At some point, I ended up behind a closed bar near the harbor. One, Aitor and I used to sneak drinks behind sometimes.
There were broken bottles everywhere.
I picked one up.
And for a few minutes the idea seemed… logical.
The pain would stop.
The disappointment would stop.
My mother would finally be right.
I called Aitor first. Not for help.
Just to say goodbye.
I didn’t even tell him where I was, but somehow he figured it out, anyway.
The next thing I remember is his face.
His arms around me.
The panic in his voice while he tried to stop the bleeding.
He was crying.
Which was terrifying, because Aitor almost never cried.
He called the ambulance.
Then my parents.
Then probably half the emergency services in the state.
I survived.
Unfortunately for everyone involved.
After the hospital came the court order.
Apparently attempting to bleed out behind a bar counts as being a danger to yourself.
And punching every paramedic who tried to sedate you counts as being a danger to others.
So a judge signed some papers, and I got shipped off to that lovely little place in the Berkshires called Spring Creek Renewal Center.
Renewal.
Great branding.
They specialized in helping troubled youth overcome behavioral disorders. At least that’s what the brochure said.
The first few months there were… intense.
I tried to escape several times.
I lied to the therapists. Fought with the staff. Started more than one brawl with other kids.
I also kept trying to hurt myself.
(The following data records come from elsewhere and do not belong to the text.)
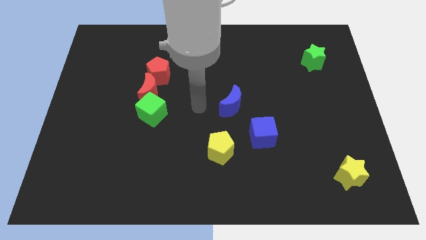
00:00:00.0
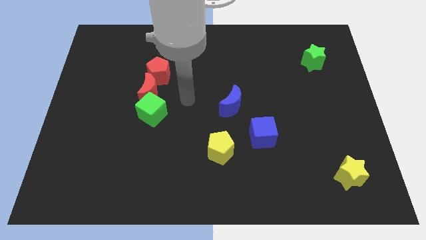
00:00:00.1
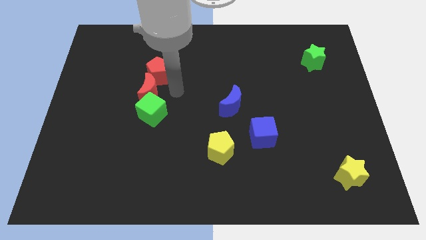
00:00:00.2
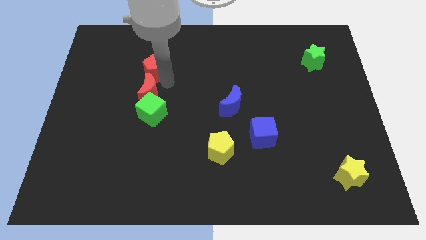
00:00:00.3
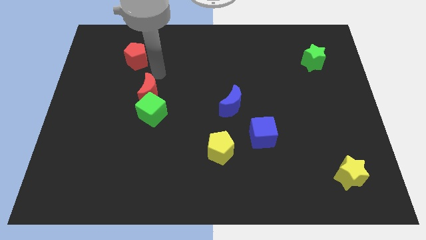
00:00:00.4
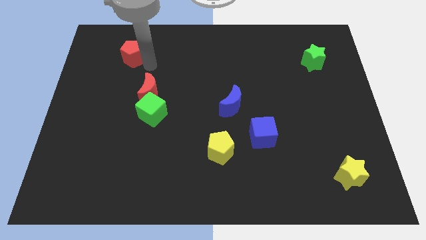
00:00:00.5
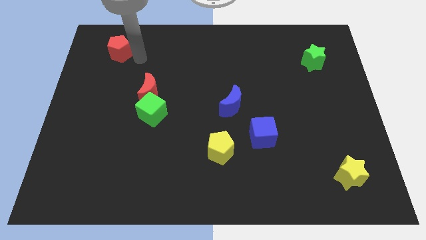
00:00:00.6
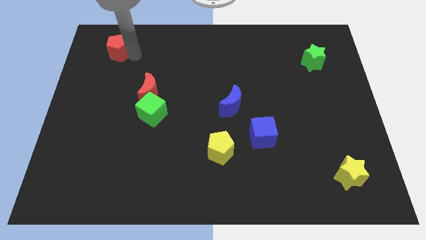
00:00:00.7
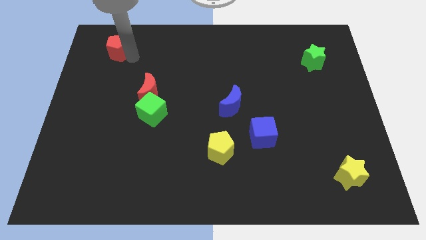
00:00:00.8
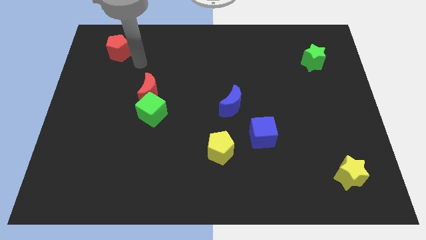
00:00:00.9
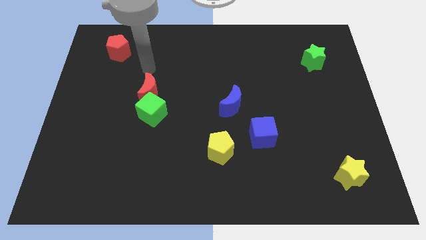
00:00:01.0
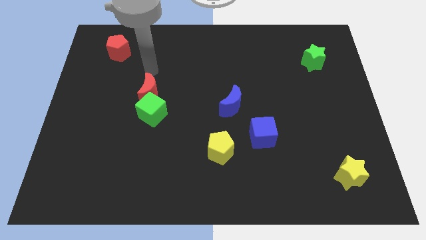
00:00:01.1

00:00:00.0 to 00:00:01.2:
move the red pentagon to the top left

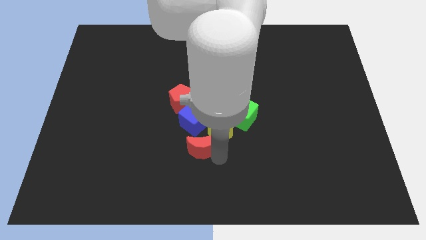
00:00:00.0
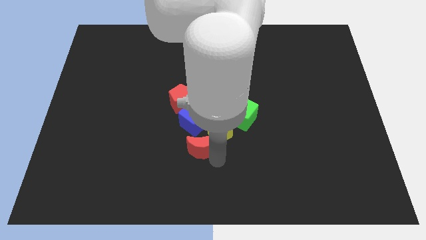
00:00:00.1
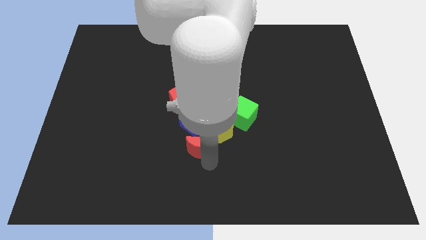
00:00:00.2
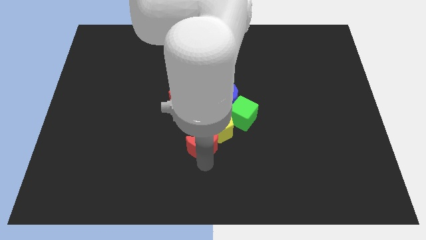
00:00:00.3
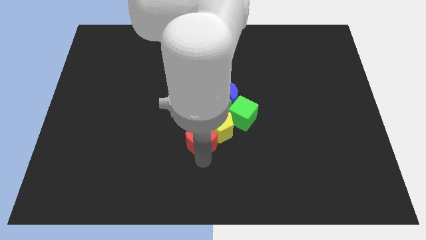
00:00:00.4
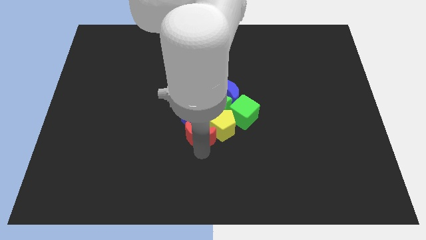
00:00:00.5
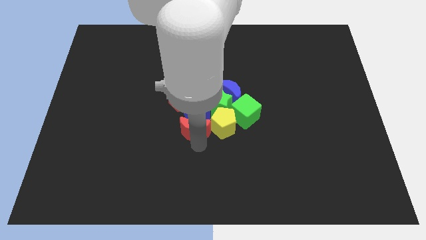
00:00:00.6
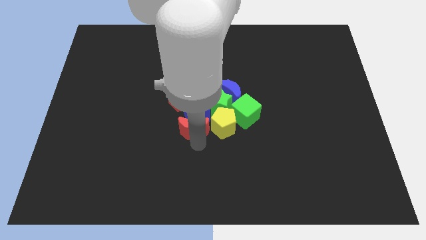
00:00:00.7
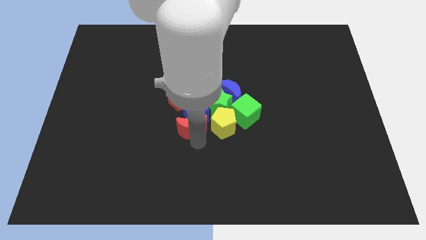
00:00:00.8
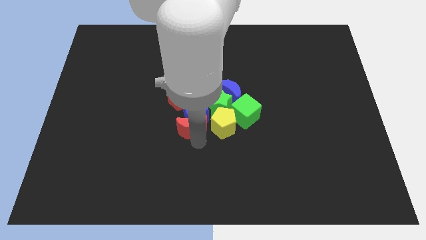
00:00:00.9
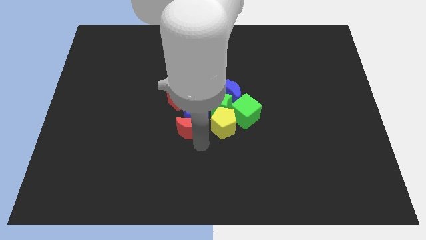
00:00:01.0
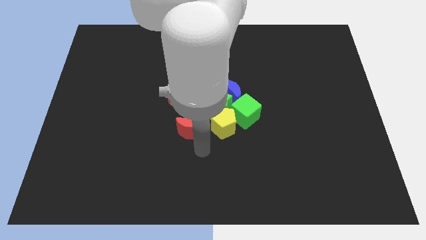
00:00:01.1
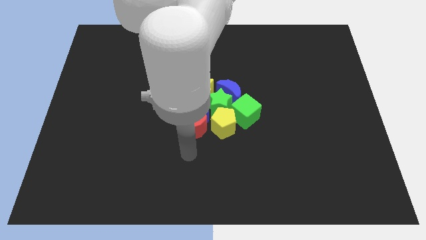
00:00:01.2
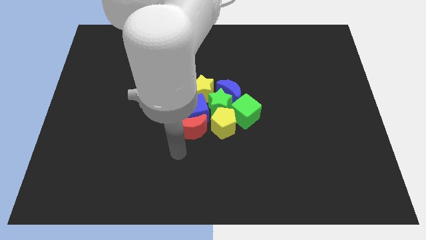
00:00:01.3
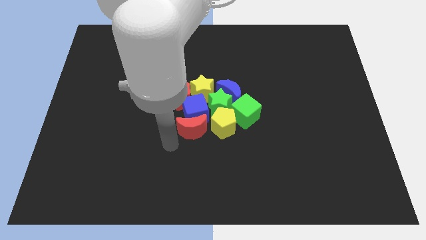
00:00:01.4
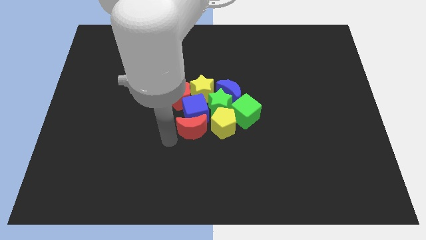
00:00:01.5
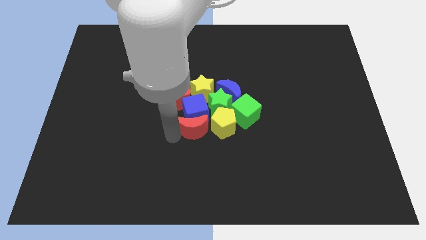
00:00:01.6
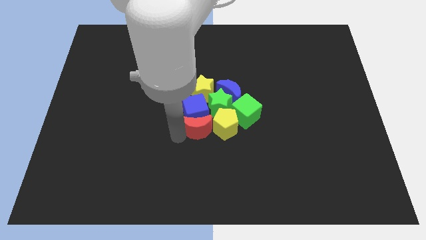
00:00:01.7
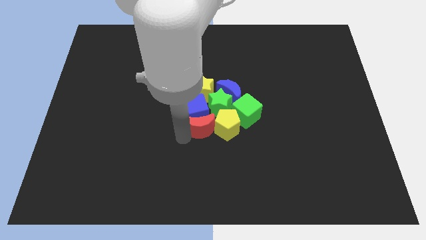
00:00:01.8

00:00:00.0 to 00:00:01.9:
move the red moon into the yellow pentagon

Which, according to them, really helped prove their diagnosis.
Eventually, the doctors there discovered the root of my problem.
Apparently, I was homosexual.
Also emotionally disturbed.
And a danger to society.
Especially to my mother.
So they did what institutions like that have been doing across the United States for decades.
They tried to fix me.
Conversion therapy.
A fancy name for psychological torture wrapped in Bible verses.
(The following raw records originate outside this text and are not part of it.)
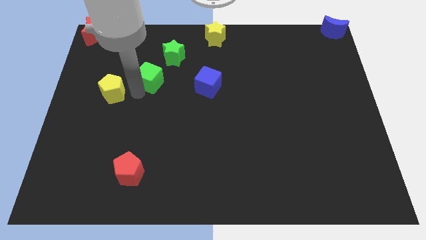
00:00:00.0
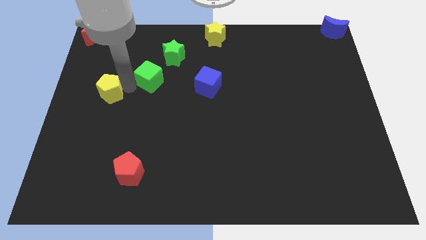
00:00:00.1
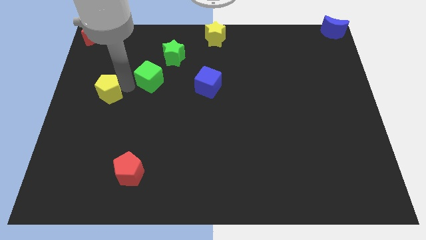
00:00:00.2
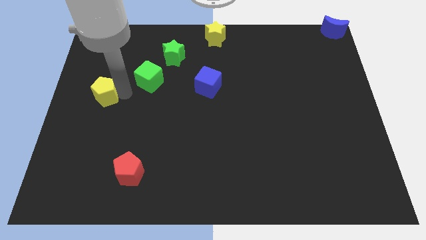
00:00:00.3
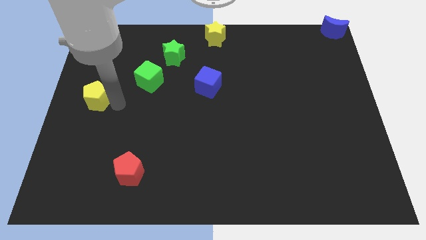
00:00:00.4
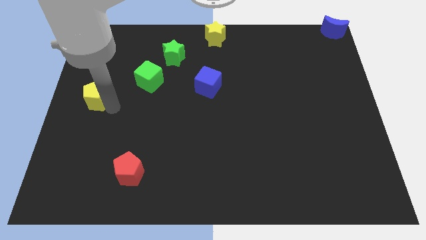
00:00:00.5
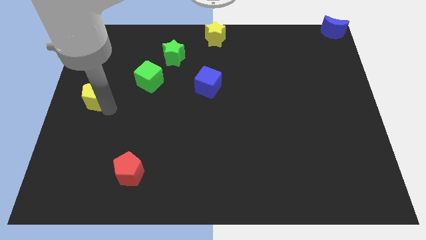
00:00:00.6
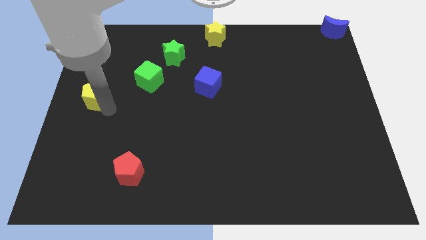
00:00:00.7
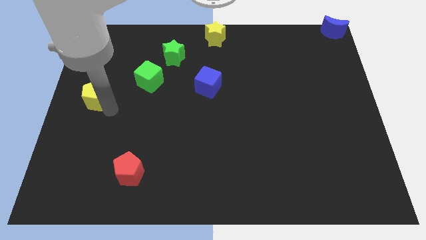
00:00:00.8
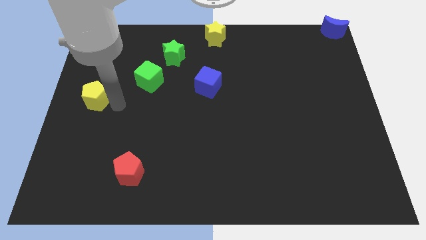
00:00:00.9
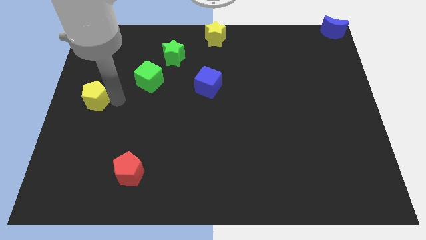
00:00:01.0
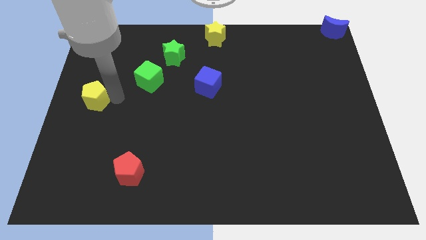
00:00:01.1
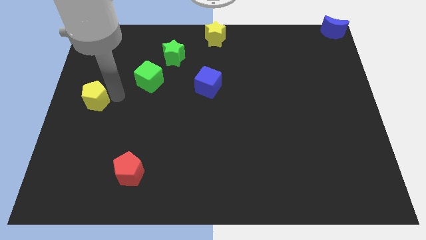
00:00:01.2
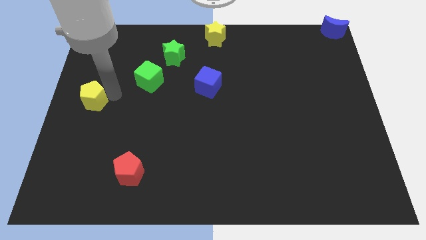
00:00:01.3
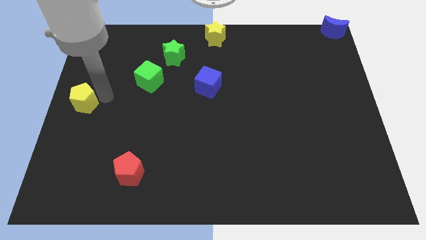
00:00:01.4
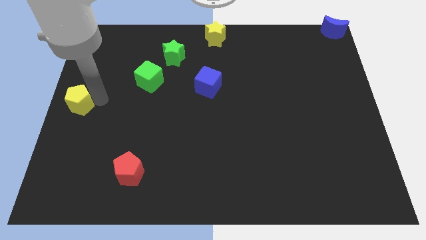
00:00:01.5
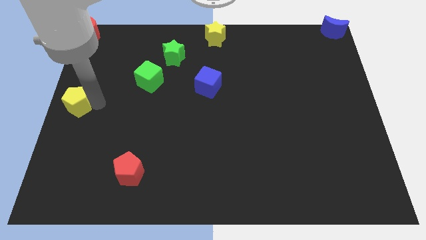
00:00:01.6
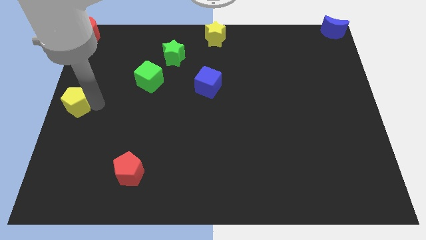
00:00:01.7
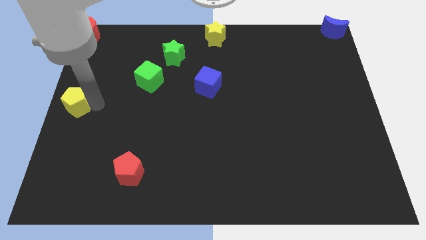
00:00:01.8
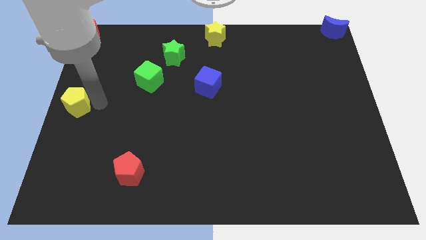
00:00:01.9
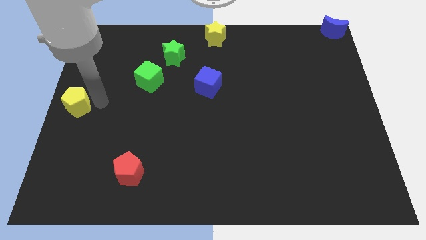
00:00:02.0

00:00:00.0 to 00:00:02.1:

What I went through with maintenance the day before was a picnic at the park.
During my stay, I faced isolation. Shame sessions. Religious counseling. Punishments. Shock treatment. “Reconditioning exercises.” Hours of lectures about sin and purity and how my brain was diseased.
They called it therapy, but it was abuse.
And the worst part? Places like that still exist. Right now.
In modern America.
Kids still get sent there by parents who think love is something you can beat, pray, or threaten out of a person.
The funny thing is… for a while I told myself I was “cured.”
Obviously, I wasn't. They couldn't fix me.
Just like my mother couldn’t beat ADHD or dyslexia out of me, they couldn’t torture homosexuality out of me either.
Turns out none of those things are diseases.
They’re just parts of who I am.
What they did manage to do was teach me something else.
How to lie.
How to say exactly what people want to hear.
How to pretend you’re fixed.
And how to build walls so high no one ever gets close enough to hurt you again, and if they try, you just bully them away.
Which worked great.
Right up until Aslan Rivers walked into Crownwell Academy and decided ruining my entire emotional stability was apparently his life’s mission.
And now you’re all caught up.
There I was, standing in church, in front of God, and still thinking about him. Still hurting for him. Still wondering if there was a way. Any way at all, like he asked.
I missed him so much it physically hurt.
And strangely enough, God didn’t strike me dead for that.
Which told me He probably disagreed with my mother about a lot of things.